The distribution of PWR and BWR reactors is not the same in all countries, which suggests that country may be useful as a predictive feature.

Question 4: How does the total global capacity compare between PWR and BWR reactors?

This question was explored using a bar chart of total capacity by reactor type.

Question 4

Answer:
PWR reactors contribute much more total global capacity than BWR reactors in this dataset.
This matches the earlier findings that PWR reactors are both more common and usually larger in capacity.

Main Insights

The main findings of the exploratory analysis were:

  • Capacity was the most informative feature in the dataset.
  • Geographic location was useful, but not strong enough on its own.
  • There was no single feature that perfectly separated PWR and BWR reactors.
  • The classification task seems to depend on a combination of several features together, not on one perfect variable.

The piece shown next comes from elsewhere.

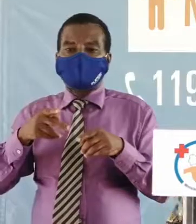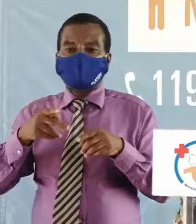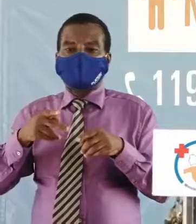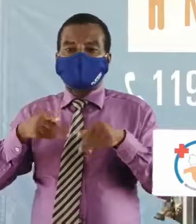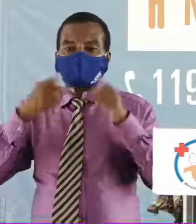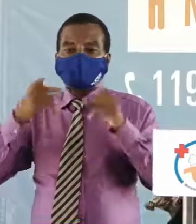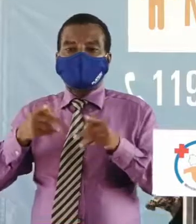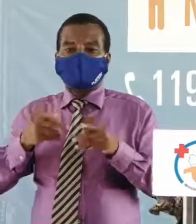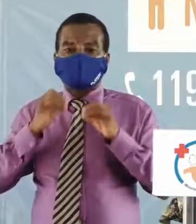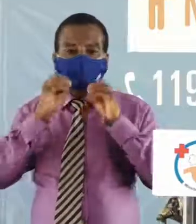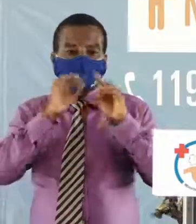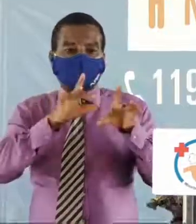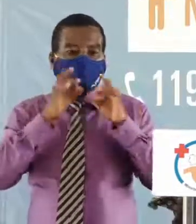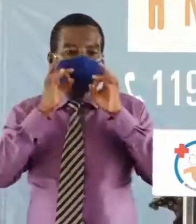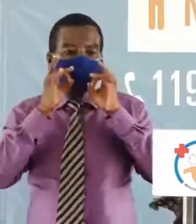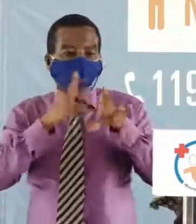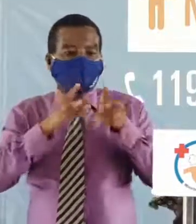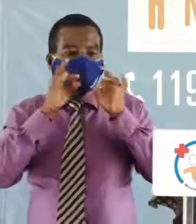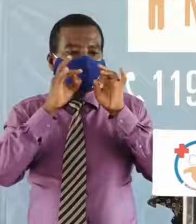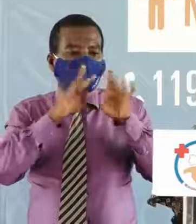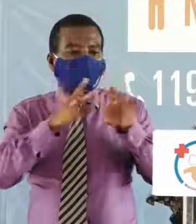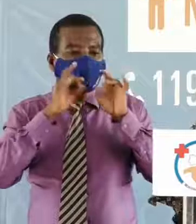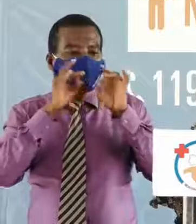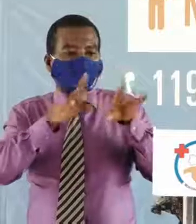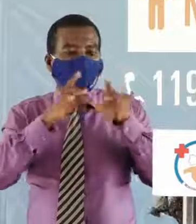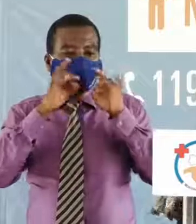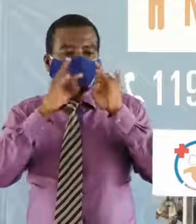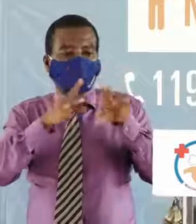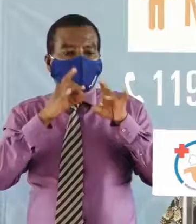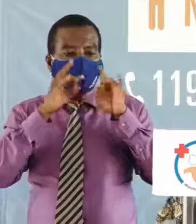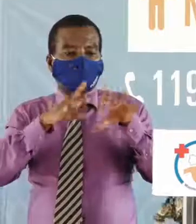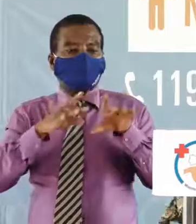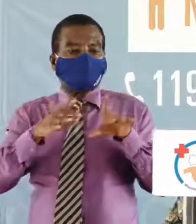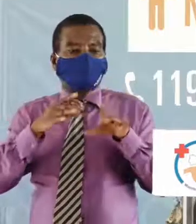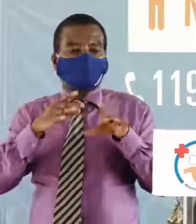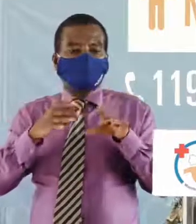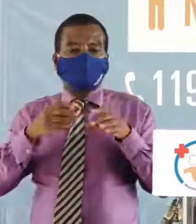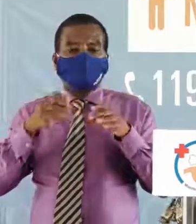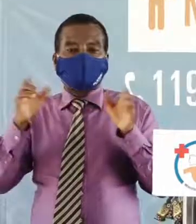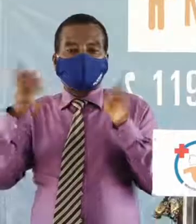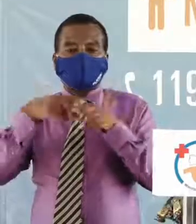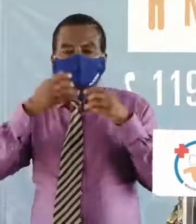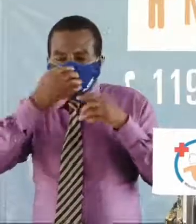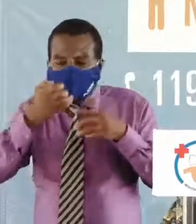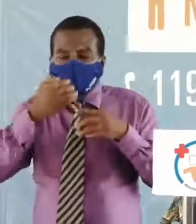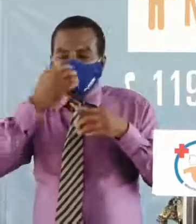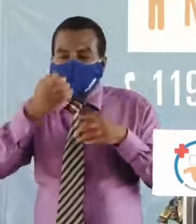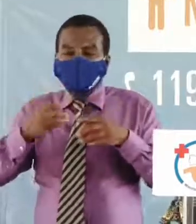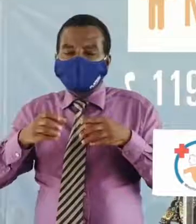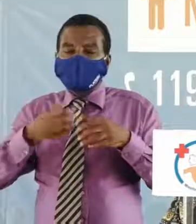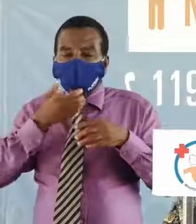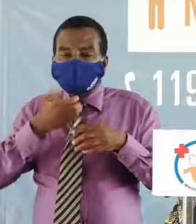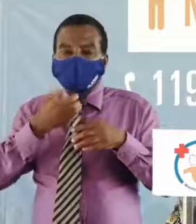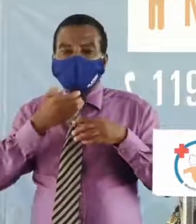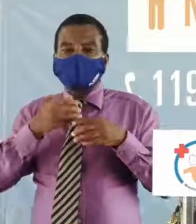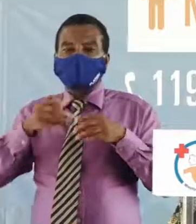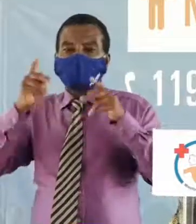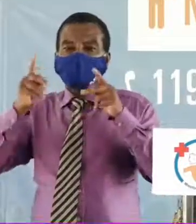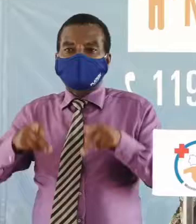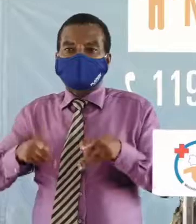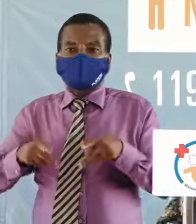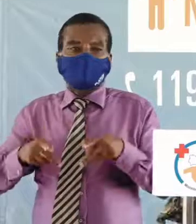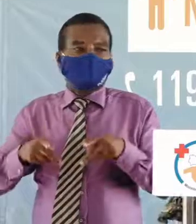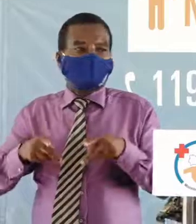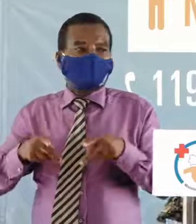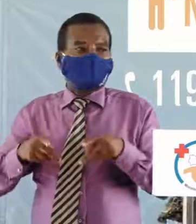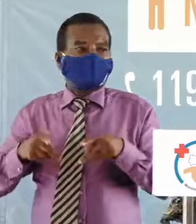'on appelle les postions les micros salés ou bien les sécrétions qui sortent du nez quand on est ternu ou quand on tousse ou alors qu'il des gens comme on dit à

Decisions Made During the Analysis

Several important decisions were made during the project:

  • I decided to focus only on PWR and BWR reactors.
  • I removed rows with missing values in important columns.
  • I removed rows with missing coordinates because location was relevant to the research question.
  • I filled missing values in Capacity using the median.
  • I checked skewness in Capacity, but did not apply transformation because the skewness was moderate and not extreme.
  • I compared several models before selecting the final one.

Modeling

The target variable was:

  • ReactorType
    • 0 = BWR
    • 1 = PWR

The main engineered and selected features included:

Numeric features

  • Capacity
  • Latitude
  • Longitude
  • AbsLatitude
  • ConstructionYear
  • OperationalYear
  • YearsToOperation
  • ReactorAge

got to say that at first i used only capacity and the cordinates.

after that i improved my model with the other features

Categorical features

  • Status
  • Country
  • CountryCode

The following models were tested:

  • Logistic Regression
  • Balanced Logistic Regression
  • Random Forest
  • Gradient Boosting

Model Results

The best model was Random Forest.

Best Model: Random Forest

  • Accuracy: 0.8957
  • Macro F1-score: 0.8467
  • BWR Recall: 0.7917
  • PWR Recall: 0.9231

Interpretation:
Random Forest performed better than the other models because it was able to capture more complex patterns in the data.
It also gave the best balance between overall performance and detection of both reactor types.

Limitations

This project has several limitations:

  • Some useful variables originally had missing values.
  • The dataset is imbalanced, with many more PWR reactors than BWR reactors.
  • Geographic coordinates alone do not clearly separate the two reactor types.
  • Some interesting geographic or political patterns may exist, but they would require further research beyond this dataset.

Final Conclusion

This project showed that it is possible to predict whether a nuclear reactor is PWR or BWR with good performance.

The exploratory analysis showed that Capacity is the strongest single feature, while geographic location and country also provide useful information.
However, no single feature perfectly separates the two classes.

Among all tested models, Random Forest gave the best results and was selected as the final model.